Log-file forensics: still the highest-leverage technical SEO data source
Third-party crawlers (Screaming Frog, Sitebulb, Ahrefs) tell you what is on your site. Log files tell you what Googlebot, Bingbot, GPTBot, and the rest are actually doing. The asymmetry is enormous — we routinely find crawl-budget being burned on 30–60% of URLs that don't generate any traffic.
One sample week of logs from your CDN (Cloudflare, Fastly, AWS CloudFront) or platform (Vercel, Netlify) is enough to find the worst offenders. Filter to user-agents containing Googlebot, Bingbot, GPTBot, ClaudeBot, PerplexityBot, then group by URL pattern.

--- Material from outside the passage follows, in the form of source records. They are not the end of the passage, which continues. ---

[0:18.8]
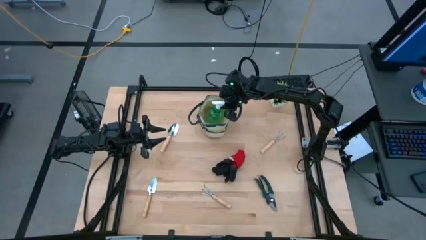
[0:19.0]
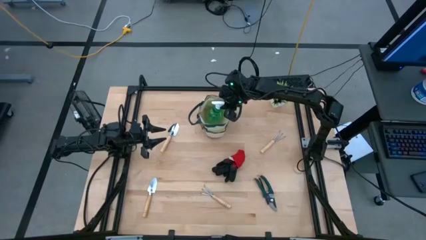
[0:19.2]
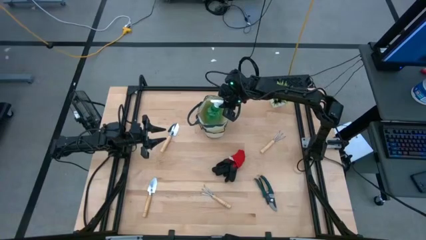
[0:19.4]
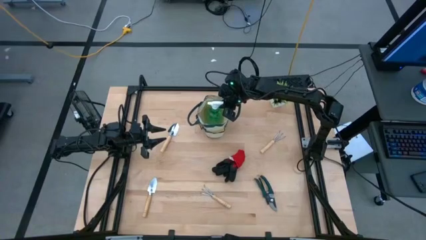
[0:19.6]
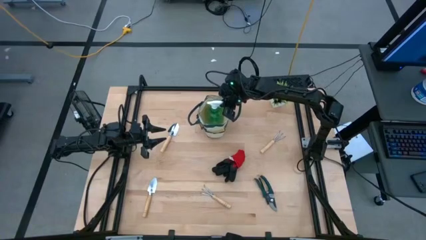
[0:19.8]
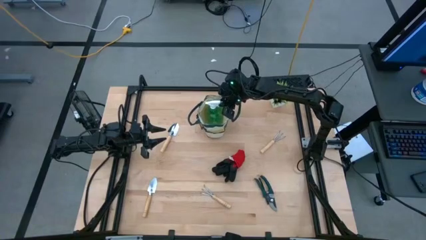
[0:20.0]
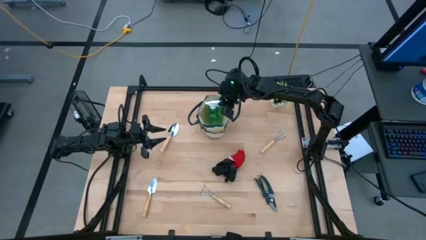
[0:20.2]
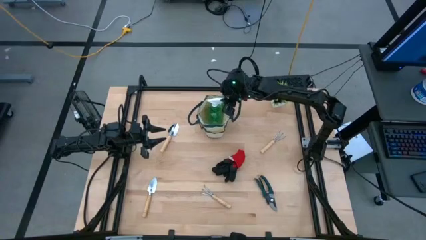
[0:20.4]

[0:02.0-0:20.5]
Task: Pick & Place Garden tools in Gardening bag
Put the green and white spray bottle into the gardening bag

What to look for in a log file analysis
- •URLs Googlebot crawls most often — should match your most important pages, not your archive or pagination
- •URLs that 404 to bots — typically broken internal links, fix or 301 in bulk
- •URL patterns being crawled but not indexed — the noindex/prune candidates
- •Faceted URLs (?sort, ?filter, ?page=) eating crawl budget — block in robots.txt or canonicalise
- •LLM crawler activity — confirm your robots.txt allows the ones you want, check how often each visits
Internal-link mathematics: PageRank still applies
PageRank as a published metric is gone, but PageRank as the underlying algorithm is alive and unchanged. Internal links are the most controllable lever you have for distributing authority to the pages that need to rank. Most sites we audit have a power-law distribution: the homepage and top-level navigation pages have 100s of internal links, and the revenue-driving deep pages have <5.
The fix is contextual internal linking. Every pillar guide should link to 3–6 supporting pages. Every supporting page should link back to the pillar and laterally to 2–3 sibling pages. Service pages should link to relevant location pages and vice versa. The result is a denser internal-link graph that distributes authority more evenly.
A URL with zero internal links other than the sitemap is an orphan. It will rank, indexed, but has no PageRank flowing to it from your domain. Run a quarterly orphan check — they accumulate silently as content shifts.
Schema validation: the 2026 rich-results landscape
Google removed FAQ rich results for non-government/health sites in August 2023, and the rich-result landscape has been narrowing since. In 2026, the rich results that still fire reliably are Product, Recipe, HowTo (mobile), Review, Job Posting, Event, and Course. Article and FAQ are now mostly invisible as rich results — but the structured data still helps AI Overview and LLM citation.
- 1Run every page through the Schema.org Validator and Google's Rich Results Test.
- 2Fix structural errors (missing required fields, wrong types) before fixing warnings.
- 3Strip schema for content that isn't visible on the page — this triggers manual actions and erodes LLM trust.
- 4Use the most specific type available (LegalService, not LocalBusiness; Dentist, not MedicalBusiness).
- 5Add `sameAs` links on Person and Organization schema pointing to authoritative external profiles.